従業員から「求人広告の内容や面接で聞いていた内容と、実際の労働条件が違う」と指摘された場合、あなたはどう対処するか。このコラムでは求人広告の内容と実際の労働条件が異なる場合の法的措置について、社会保険労務士が詳しく解説する。

このコラムの目次

①求人広告の法的位置づけ(職業安定法第5条の3)
②労働条件の明示義務違反、雇用契約と現実の相違(労働基準法第15条)
③求人広告の内容と実際の労働条件が異なる場合の法的措置
④求人広告と労働条件の相違についての最新判例
⑤このコラムのまとめ

①求人広告の法的位置づけ(職業安定法第5条の3)

「求人広告内容、面接で説明された内容と、実際の賃金が違う」

労働者の短期離職理由のうち、常に上位を占める項目だが、この問題点にはいくつかの類型があるので先に例示しておく。

ア)雇用契約書と実際に支給された賃金が異なる
イ)求人広告の内容と実際に支給された賃金が異なる
ウ)求人広告の内容と雇用契約書の内容が異なる

エ)面接で聞いた内容と実際に支給された賃金が異なる

このコラムで主として取り上げるのは主として(イ)と(ウ)である。(ア)と(エ)については項目②で取り上げているのでご参照を。

さて求人広告の法的位置づけは、職業安定法第5条の3に明記されている。

《職業安定法第5条の3》趣旨を損なわない範囲で一部省略
労働者の募集を行う者は、労働者の募集に当たり、従事すべき業務の内容、賃金、労働時間その他の労働条件を明示しなければならない。

民法の基本原則では「申し込みに対する承諾があった場合」に契約が成立すると考える。これを雇用契約に当てはめると、応募者(労働者)からの申し込みに対して、事業主が承諾することで雇用契約が成立する。

一方、この関係の中で「求人広告」は「申し込みを誘う(誘因)要素」と考えるため、「求人広告に記載されている内容自体がそのまま労働条件となる」とは解されない。(と今までは解されてきた

②労働条件の明示義務違反、雇用契約と現実の相違(労働基準法第15条)

(この項目は読み飛ばしても全体には影響ありません)

労働基準法第15条には次の規定がある。

《労働基準法第15条》趣旨を損なわない範囲で一部省略
使用者は労働契約の締結に際し、労働者に対して賃金、労働時間その他の労働条件を明示しなければならない。
 前項の規定によって明示された労働条件が事実と相違する場合においては、労働者は、即時に労働契約を解除することができる。
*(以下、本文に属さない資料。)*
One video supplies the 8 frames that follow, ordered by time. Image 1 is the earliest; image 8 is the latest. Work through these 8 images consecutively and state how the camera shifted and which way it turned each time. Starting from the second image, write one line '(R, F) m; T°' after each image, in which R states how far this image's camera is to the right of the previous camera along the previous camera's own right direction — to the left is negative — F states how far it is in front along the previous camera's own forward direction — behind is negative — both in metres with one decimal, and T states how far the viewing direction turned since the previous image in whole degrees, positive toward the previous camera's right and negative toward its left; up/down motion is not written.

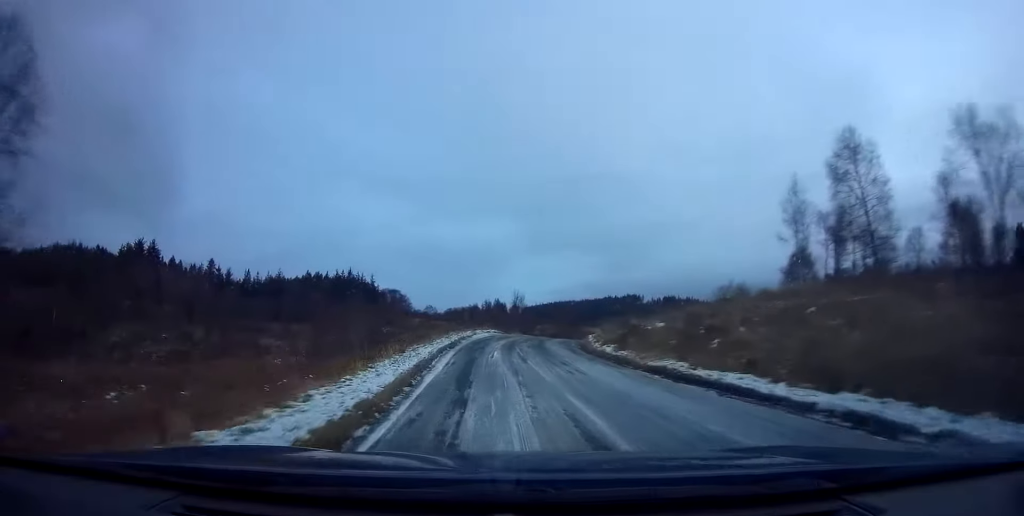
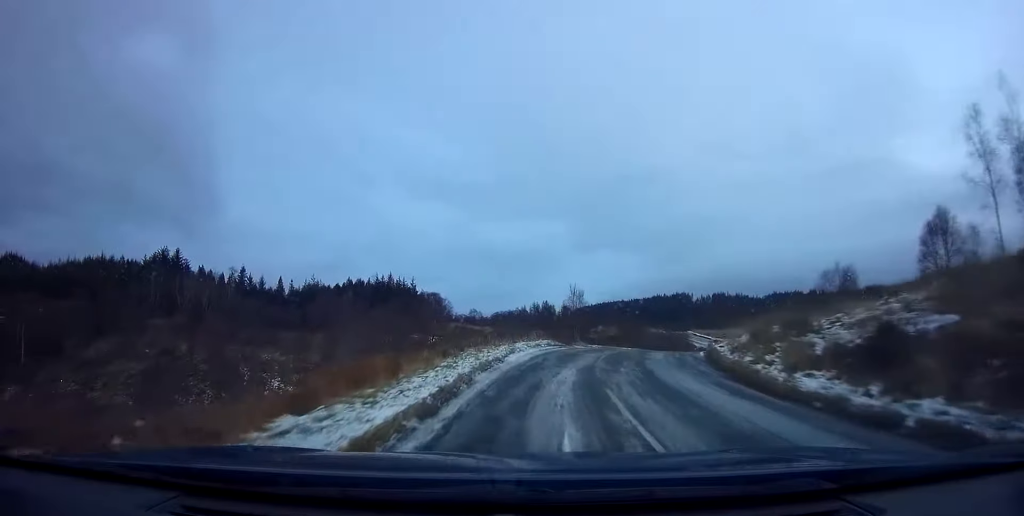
(-1.0, +14.2) m; -5°
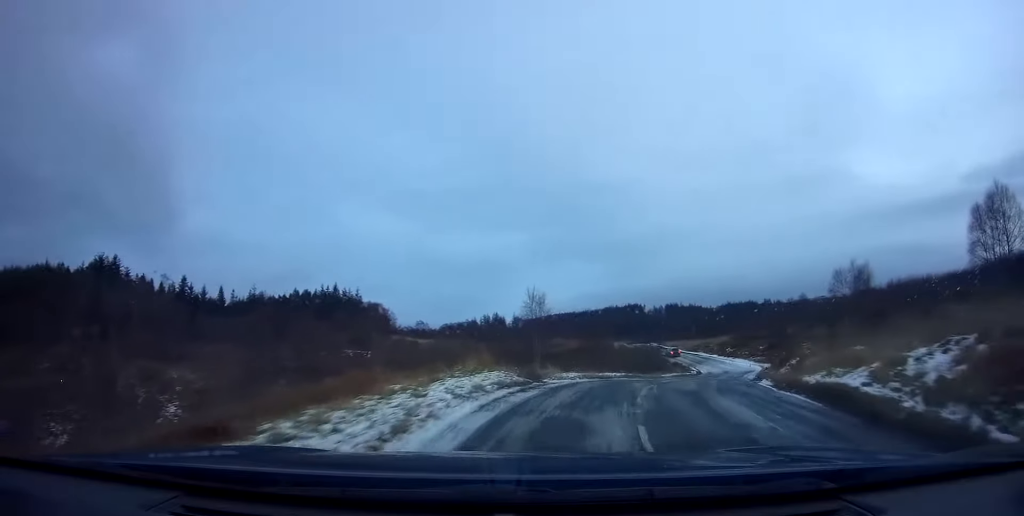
(+0.2, +10.7) m; +4°
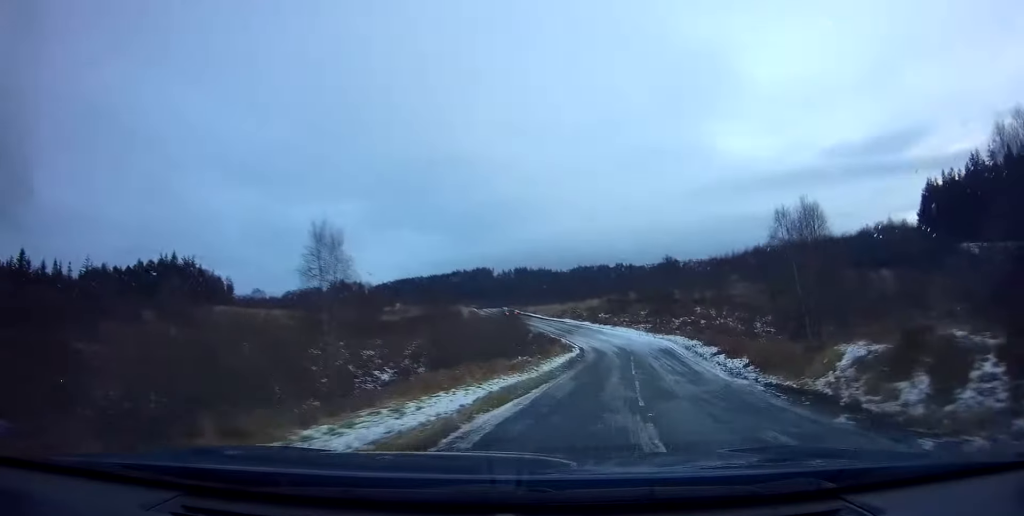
(+1.4, +13.8) m; +14°
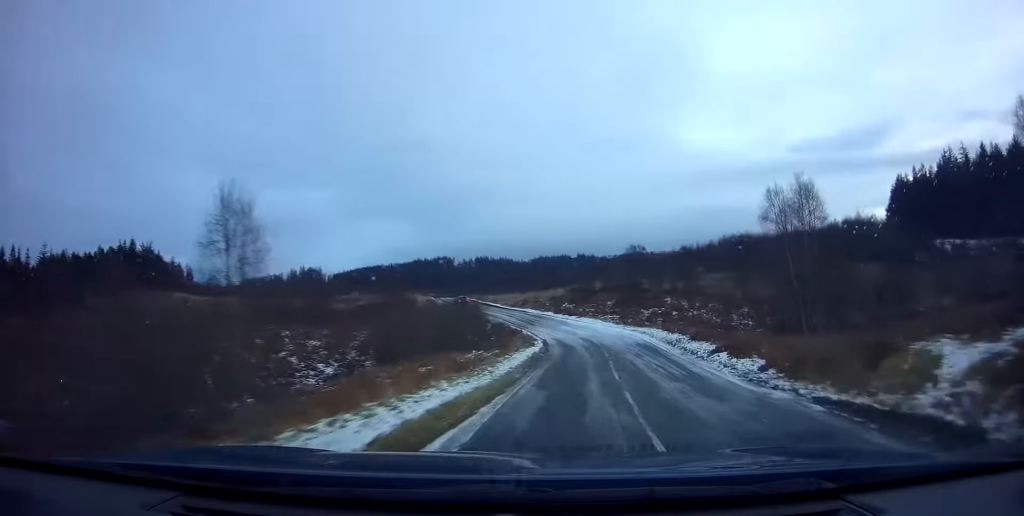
(+0.3, +3.8) m; +4°
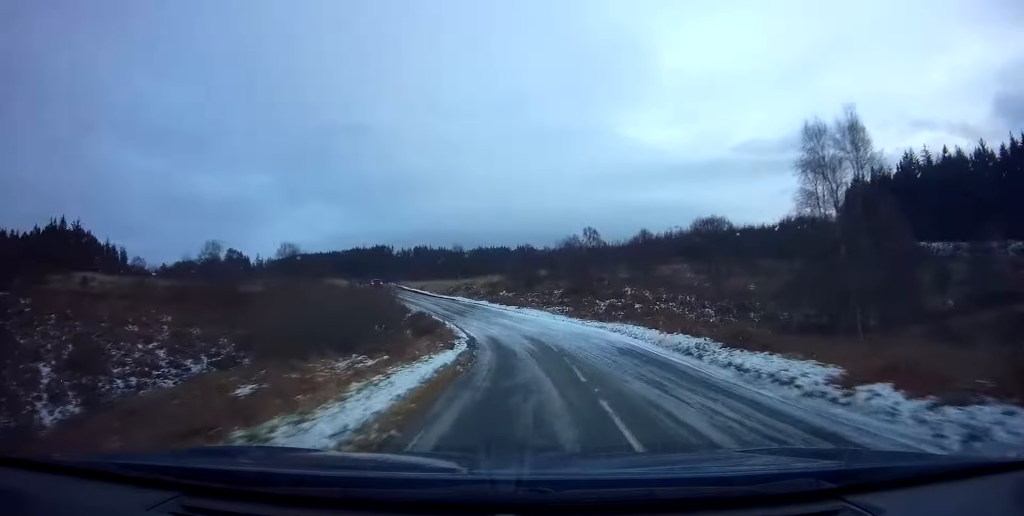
(+0.9, +9.7) m; +8°
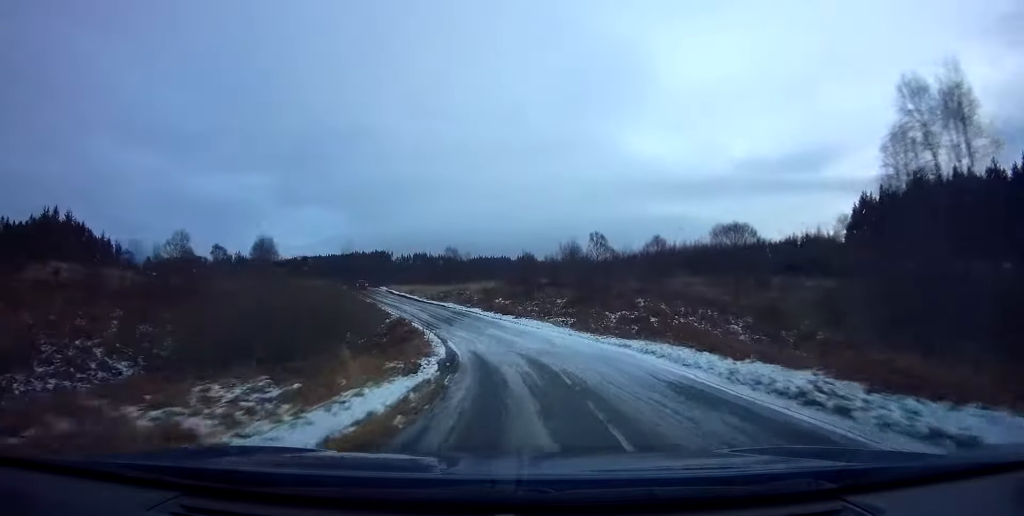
(+0.2, +6.0) m; +1°
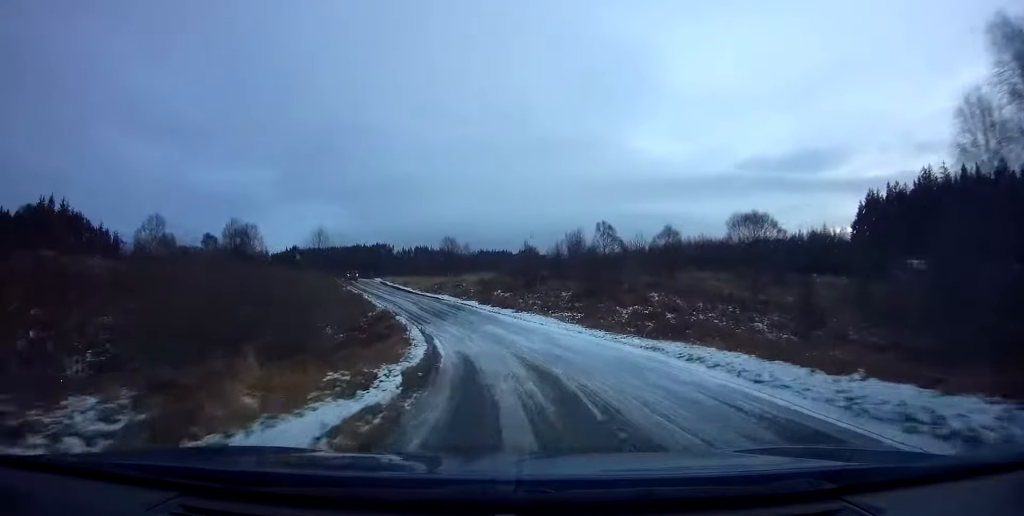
(+0.1, +4.2) m; -1°

第2項で言う「前項の規定によって明示された労働条件」は実際には雇用契約書を指すため、雇用契約と異なる事実があった場合、労働者は即時に労働契約を解除することができるのである。(別途第3項では帰郷旅費の受給権も保証されている)

従って前述の

ア)雇用契約書と実際に支給された賃金が異なる

については、労働基準法第15条で救済されることになる。また「一部の賃金が支払われていない」として差額を事業主に対して請求することも認められる(労働基準法第24条 賃金の全額払い違反)

一方で、

エ)面接で聞いた内容と実際に支給された賃金が異なる

については、これを直接規制する条文は無いが、事業主側が「面接で説明した内容を雇用契約書として明示していない」のであれば、先の通り労働基準法第15条(労働条件の明示義務違反)が適用される。

事業主には労働条件の明示義務があるという点を、くれぐれもご理解願いたい。

③求人広告の内容と実際の労働条件が異なる場合の法的措置

さて、いよいよコラムの本題である。求人広告の掲載から初めての賃金支給までには次のプロセスがある。
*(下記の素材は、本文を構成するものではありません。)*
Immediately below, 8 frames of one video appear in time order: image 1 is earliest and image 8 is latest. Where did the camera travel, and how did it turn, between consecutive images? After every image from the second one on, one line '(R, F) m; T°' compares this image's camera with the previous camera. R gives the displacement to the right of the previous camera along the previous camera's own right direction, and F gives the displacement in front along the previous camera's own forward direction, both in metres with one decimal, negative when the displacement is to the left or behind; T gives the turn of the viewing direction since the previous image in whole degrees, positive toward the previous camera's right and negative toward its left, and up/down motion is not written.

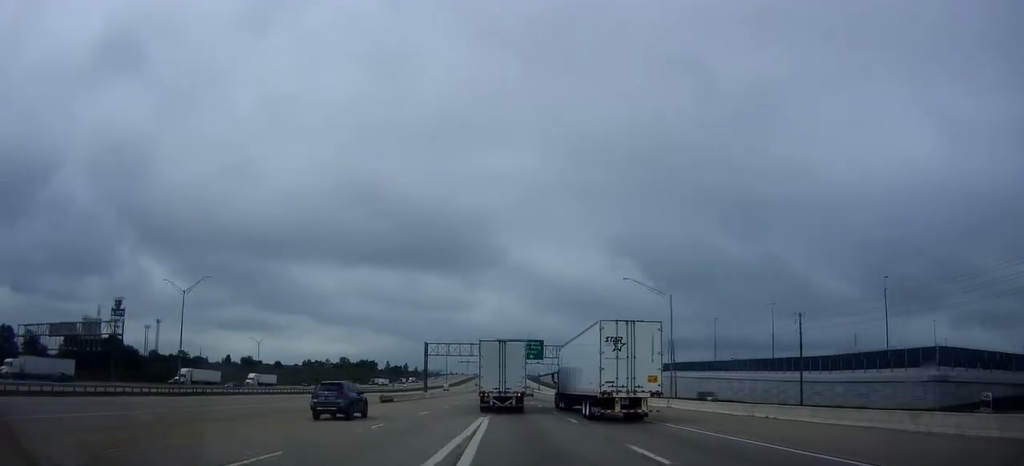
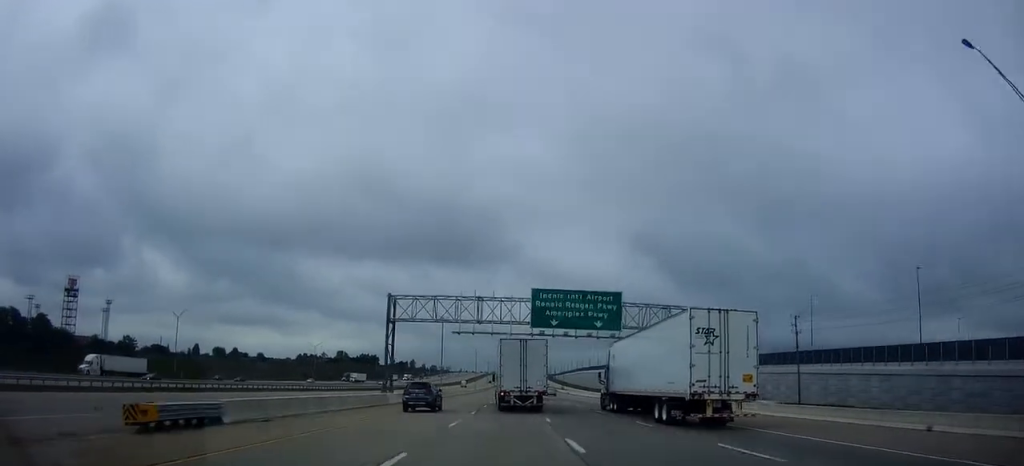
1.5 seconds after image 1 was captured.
(-1.5, +48.6) m; -2°
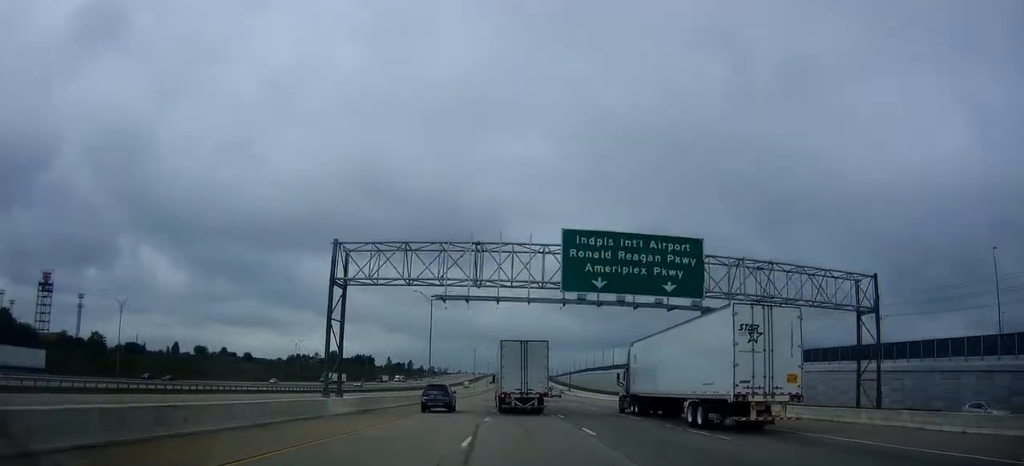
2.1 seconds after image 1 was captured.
(0.0, +19.1) m; 0°
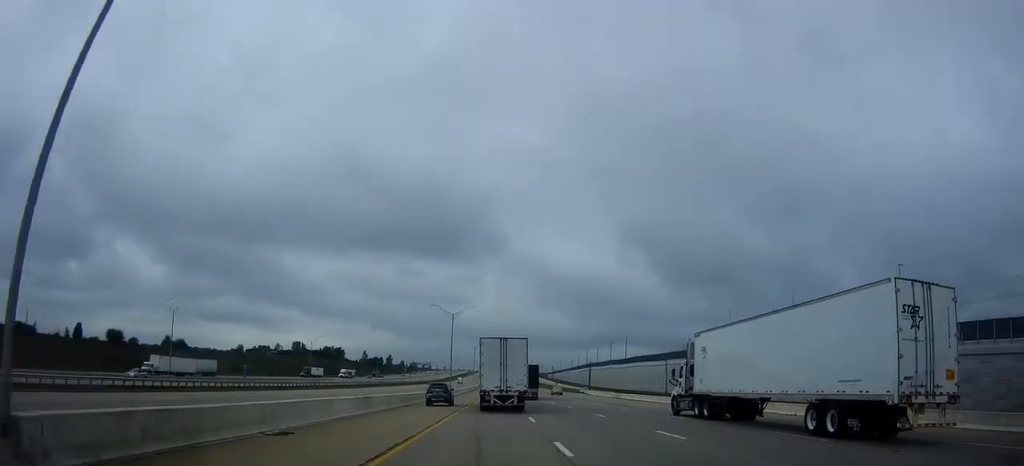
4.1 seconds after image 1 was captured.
(+0.3, +62.6) m; 0°
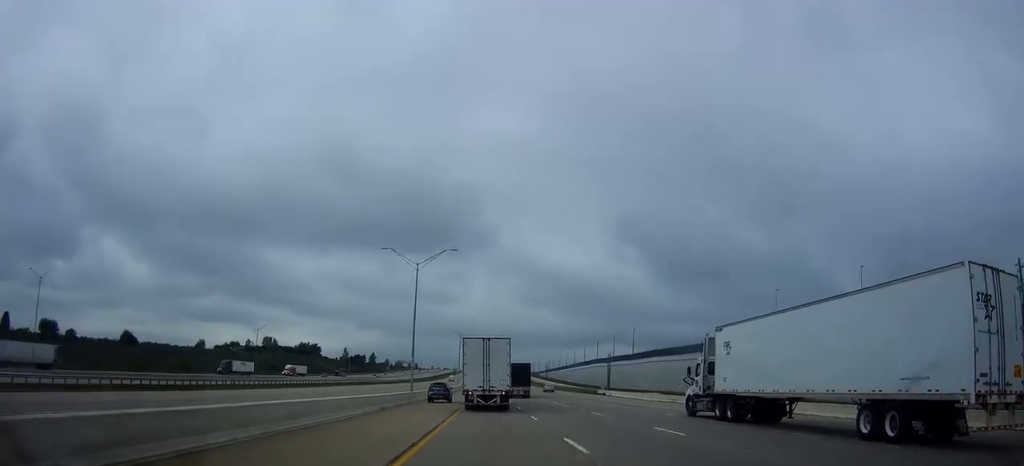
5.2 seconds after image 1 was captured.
(+0.7, +35.6) m; +2°
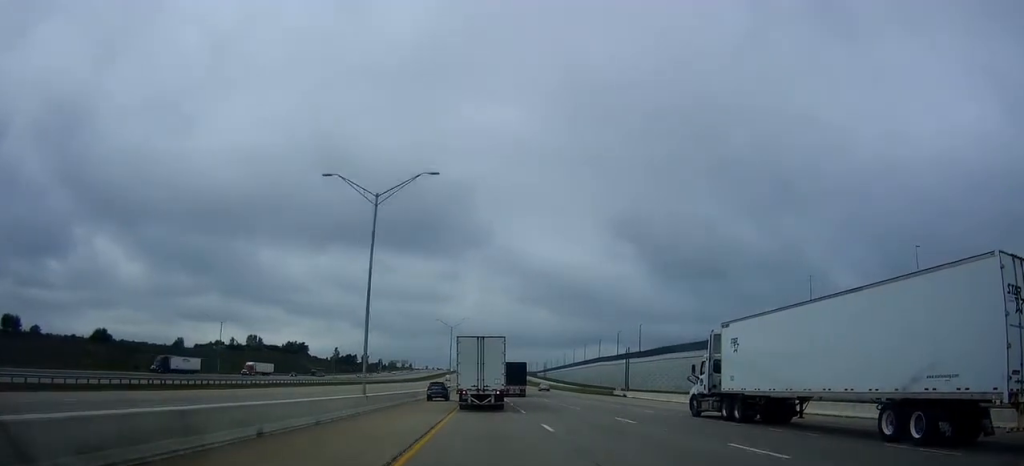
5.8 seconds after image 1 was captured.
(+0.3, +18.7) m; 0°
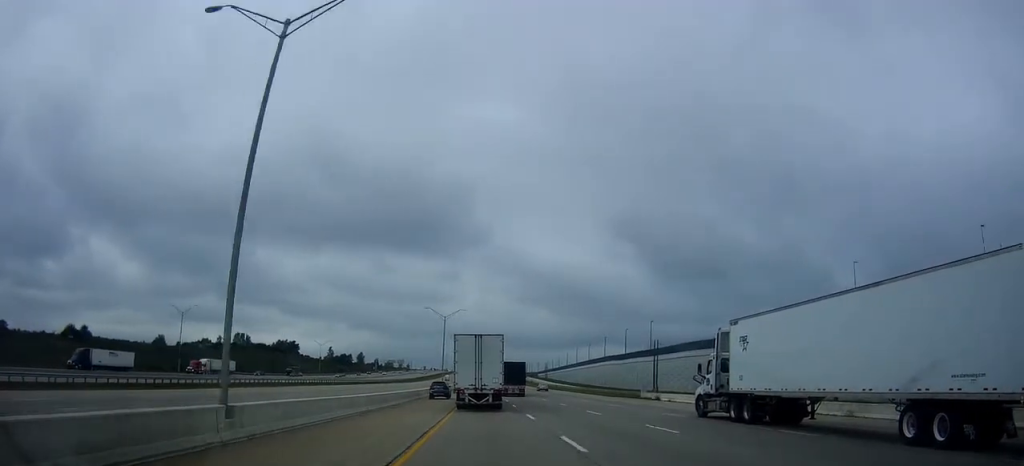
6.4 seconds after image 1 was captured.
(-0.2, +17.5) m; 0°
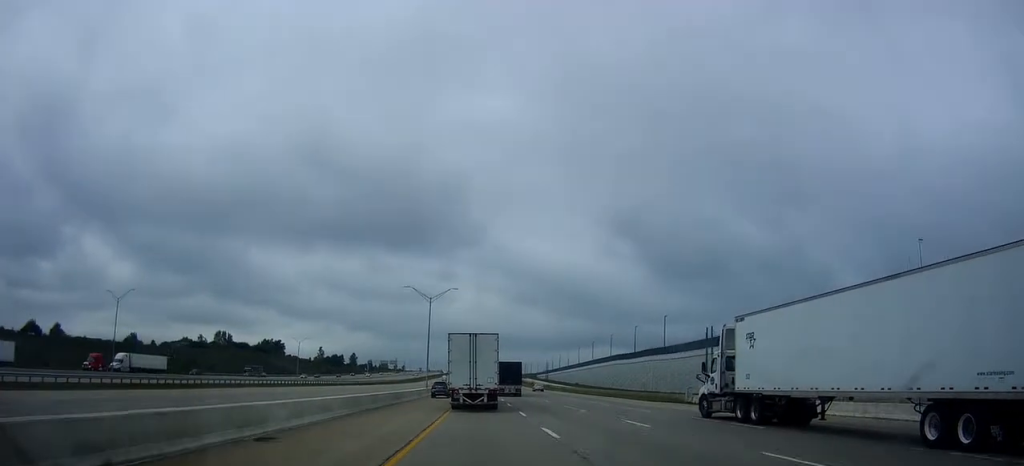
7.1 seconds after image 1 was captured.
(0.0, +21.5) m; 0°

[①求人広告]→[②応募]→[③内定]→[④雇用契約]→[⑤賃金支給]
(実際には面接・内定受諾などもがあるが便宜上省略する)

法的位置づけとしては、②が民法上の「申し込み」に、③が同じく民法上の「承諾」に該当し、①が②を「誘う要素(誘因)」であることはすでに解説した。

また労働基準法第15条(労働条件の明示義務)により、遅くとも④の時期までには、事業主は労働条件を明示しなければならいことも解説した。

ここでは①求人広告の内容がその後の③内定、④雇用契約、⑤賃金支給に対してどのような影響を与えるのかについて検討していく。

過去の判例の考え方

求人広告はあくまでも「労働契約申し込み(応募)」のための誘因であるため、労働法(職安法第5条の3)の規制はあっても、将来入社までに確定されるべき「目標」であると解されてきた。

もっとも応募者は事業主から求人広告を下回る条件を提示された場合でも、交渉上不利な場合が多いため、事業主はみだりに求人票記載額を下回る額で雇用契約を締結すべきではない。

判例では、事業主に以下のような行為があった場合には、民法上の信義則違反に該当し、労働者は救済されている。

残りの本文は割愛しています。